He left escort and escorted without saying a word, however, and went into the guard-room;
meanwhile, they sat upon their horses outside the gate. Looking about him while in this
state of suspense, Charles Darnay observed that the gate was held by a
mixed guard of soldiers and patriots, the latter far outnumbering the former; and that
while ingress into the city for peasants carts bringing in supplies, and for similar
traffic and traffickers, was easy enough, egress, even for the homeliest people, was very
difficult. A numerous medley of men and women, not to mention beasts and vehicles of
various sorts, was waiting to issue forth; but, the previous identification was so strict,
that they filtered through the barrier very slowly. Some of these people knew their turn
for examination to be so far off, that they lay down on the ground to sleep or smoke,
while others talked together, or loitered about. The red cap and tricolour cockade were
universal, both among men and women.
When he had sat in his saddle some half-hour, taking note of these things, Darnay found
himself confronted by the same man in authority, who directed the guard to open the
barrier. Then he delivered to the escort, drunk and sober, a receipt for the escorted, and
requested him to dismount. He did so, and the two patriots, leading his tired horse,
turned and rode away without entering the city.

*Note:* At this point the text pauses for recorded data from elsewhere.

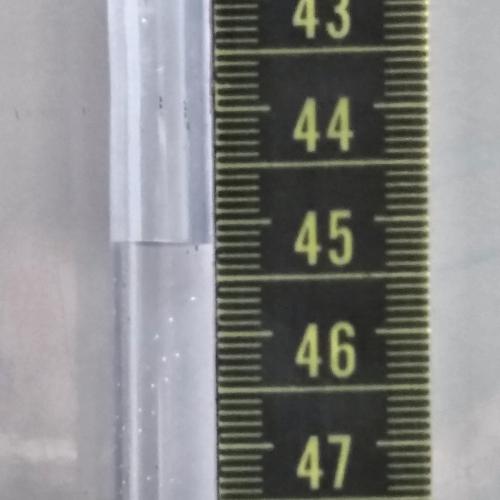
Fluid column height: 45.2 cm
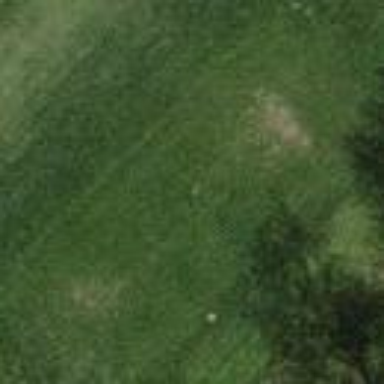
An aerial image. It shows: Golf tee on grassy land.
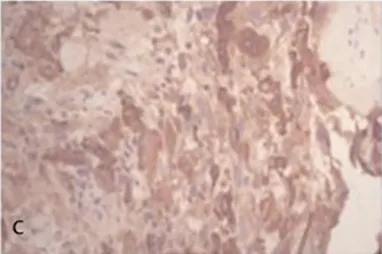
As well as strongly positive immunohistochemical staining of the tumor at 40x magnification:. Beta-hCG.
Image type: pathology (immunostaining)
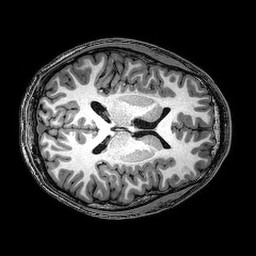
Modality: T1w
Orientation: axial
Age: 18
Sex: male
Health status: healthy
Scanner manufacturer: philips
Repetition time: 0.00815 s
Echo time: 0.00376 s
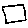
Label: square
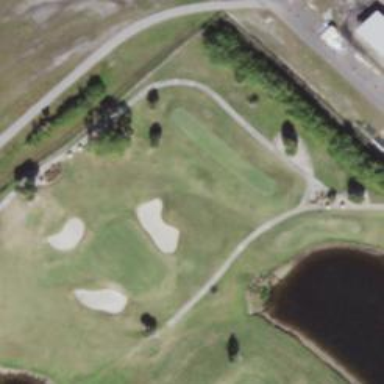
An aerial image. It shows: Golf fairway surrounded by grass.
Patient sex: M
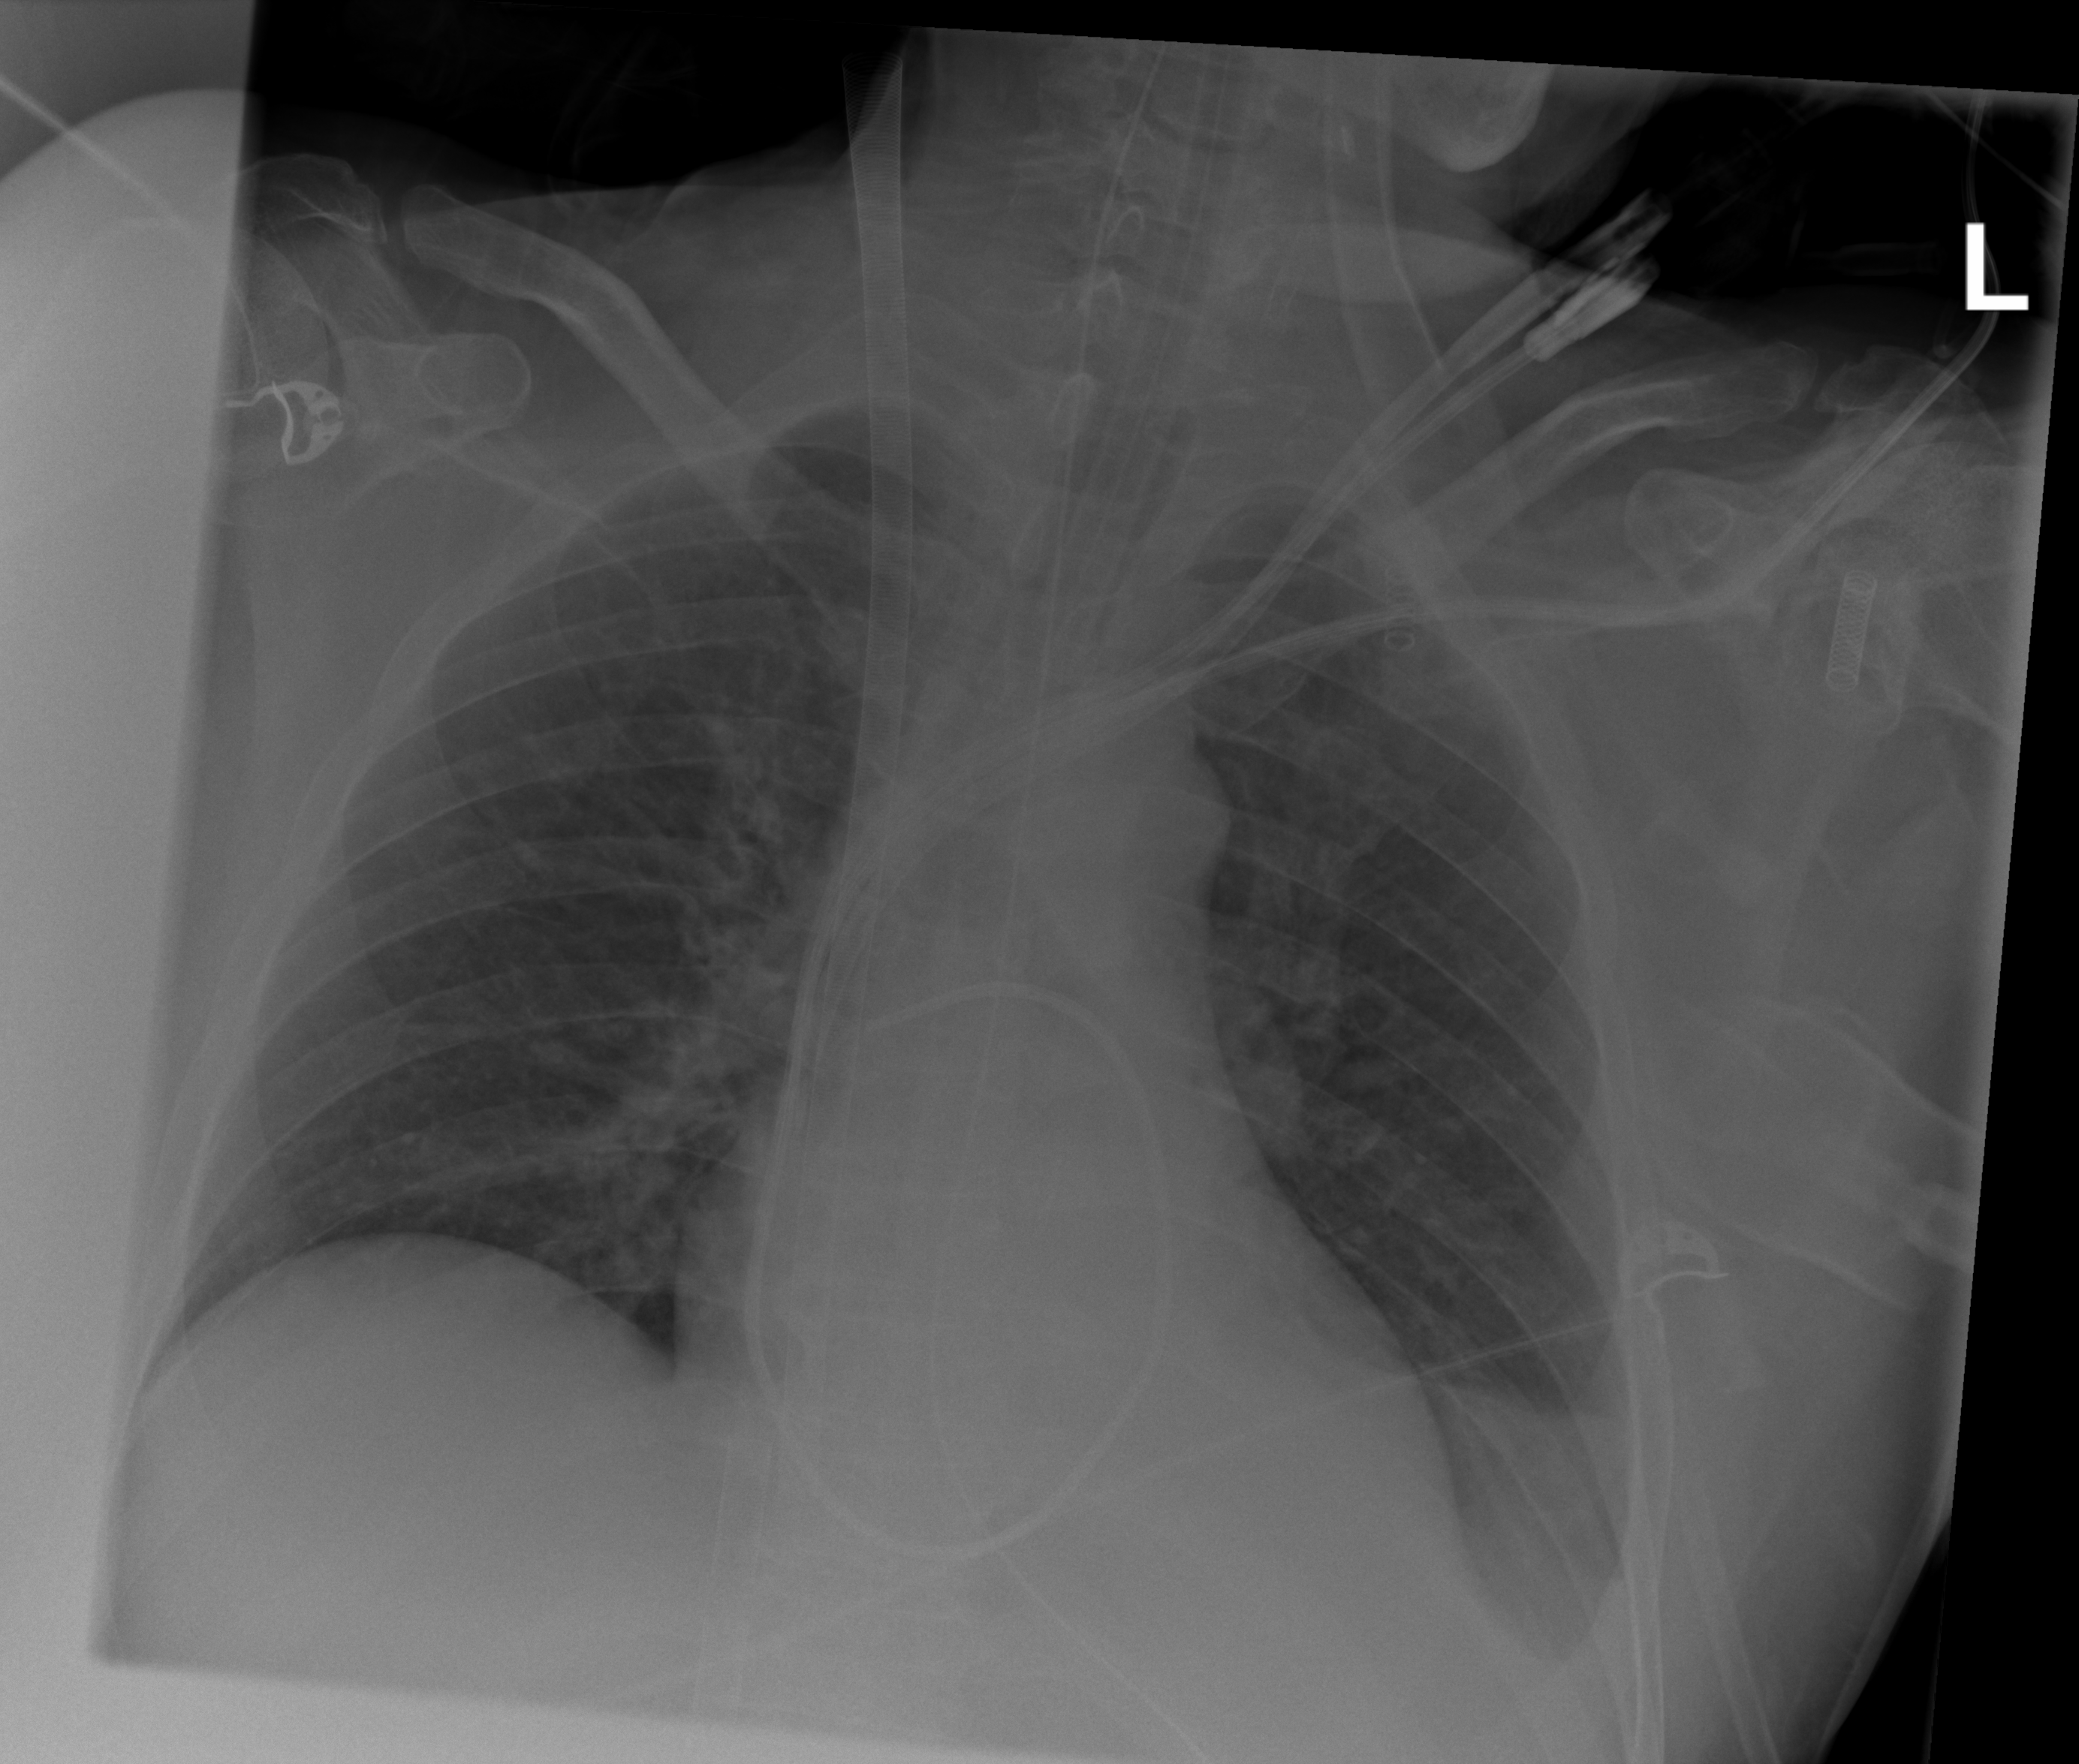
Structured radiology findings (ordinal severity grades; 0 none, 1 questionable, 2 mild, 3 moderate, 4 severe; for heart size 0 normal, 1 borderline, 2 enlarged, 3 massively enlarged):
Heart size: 0
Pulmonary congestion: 0
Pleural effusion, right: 0
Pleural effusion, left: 2
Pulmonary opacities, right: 1
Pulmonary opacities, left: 0
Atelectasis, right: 2
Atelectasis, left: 2

He accompanied his conductor into a guard-room, smelling of common wine and tobacco, where
certain soldiers and patriots, asleep and awake, drunk and sober, and in various neutral
states between sleeping and waking, drunkenness and sobriety, were standing and lying
about. The light in the guard-house, half derived from the waning oil-lamps of the night,
and half from the overcast day, was in a correspondingly uncertain condition. Some
registers were lying open on a desk, and an officer of a coarse, dark aspect, presided
over these.
`Citizen Defarge,' said he to Darnay's conductor, as he took a slip of paper to write on.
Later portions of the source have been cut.